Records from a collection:

_ _ _

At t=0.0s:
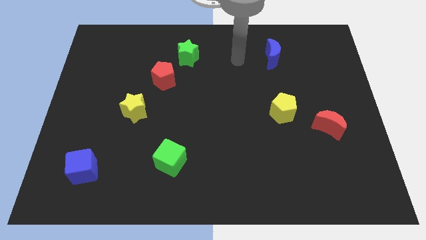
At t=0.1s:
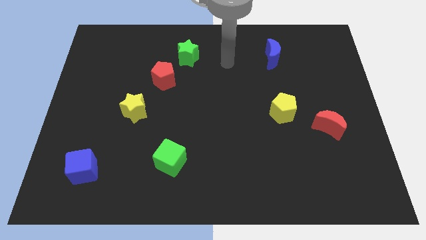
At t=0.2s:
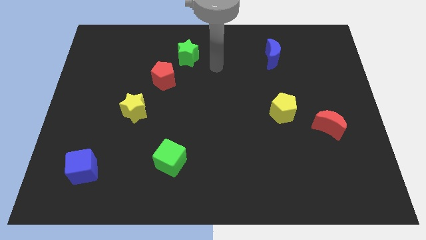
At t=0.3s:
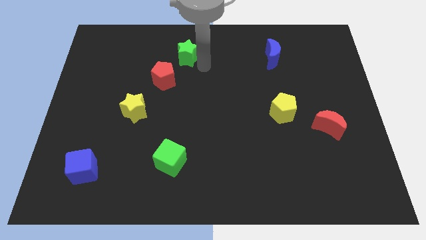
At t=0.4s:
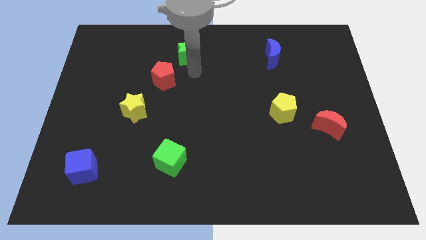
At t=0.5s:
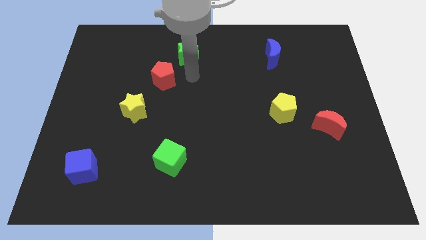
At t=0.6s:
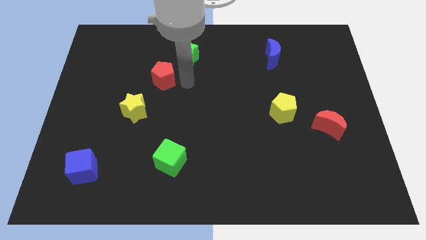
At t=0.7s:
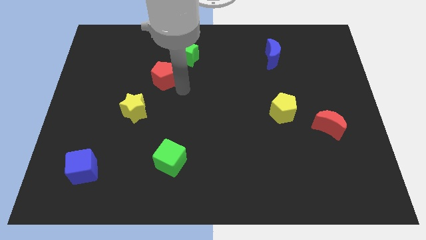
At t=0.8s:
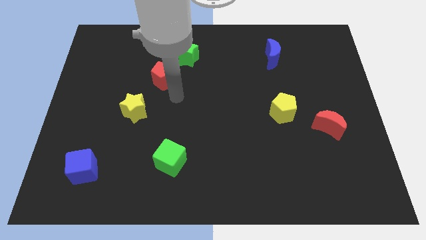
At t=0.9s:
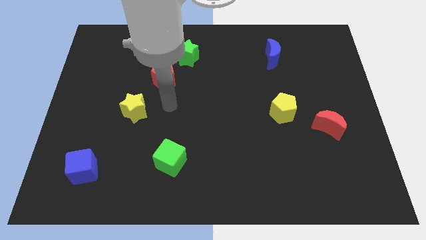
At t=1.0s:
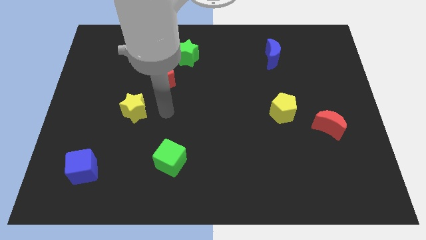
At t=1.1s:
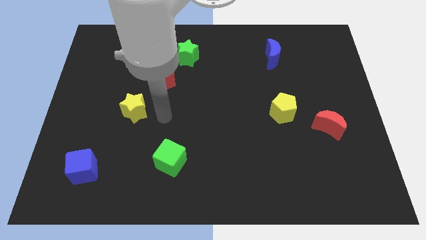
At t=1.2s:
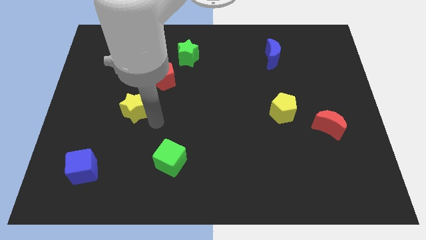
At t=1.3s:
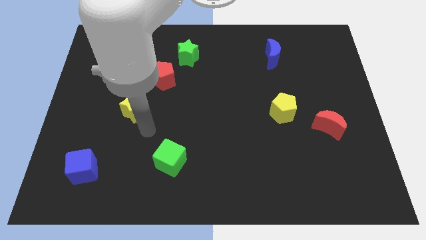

_ _ _

Activity: Reproduce every record above exactly, omitting the pictures.

Your solution:
At t=0.0s:
At t=0.1s:
At t=0.2s:
At t=0.3s:
At t=0.4s:
At t=0.5s:
At t=0.6s:
At t=0.7s:
At t=0.8s:
At t=0.9s:
At t=1.0s:
At t=1.1s:
At t=1.2s:
At t=1.3s:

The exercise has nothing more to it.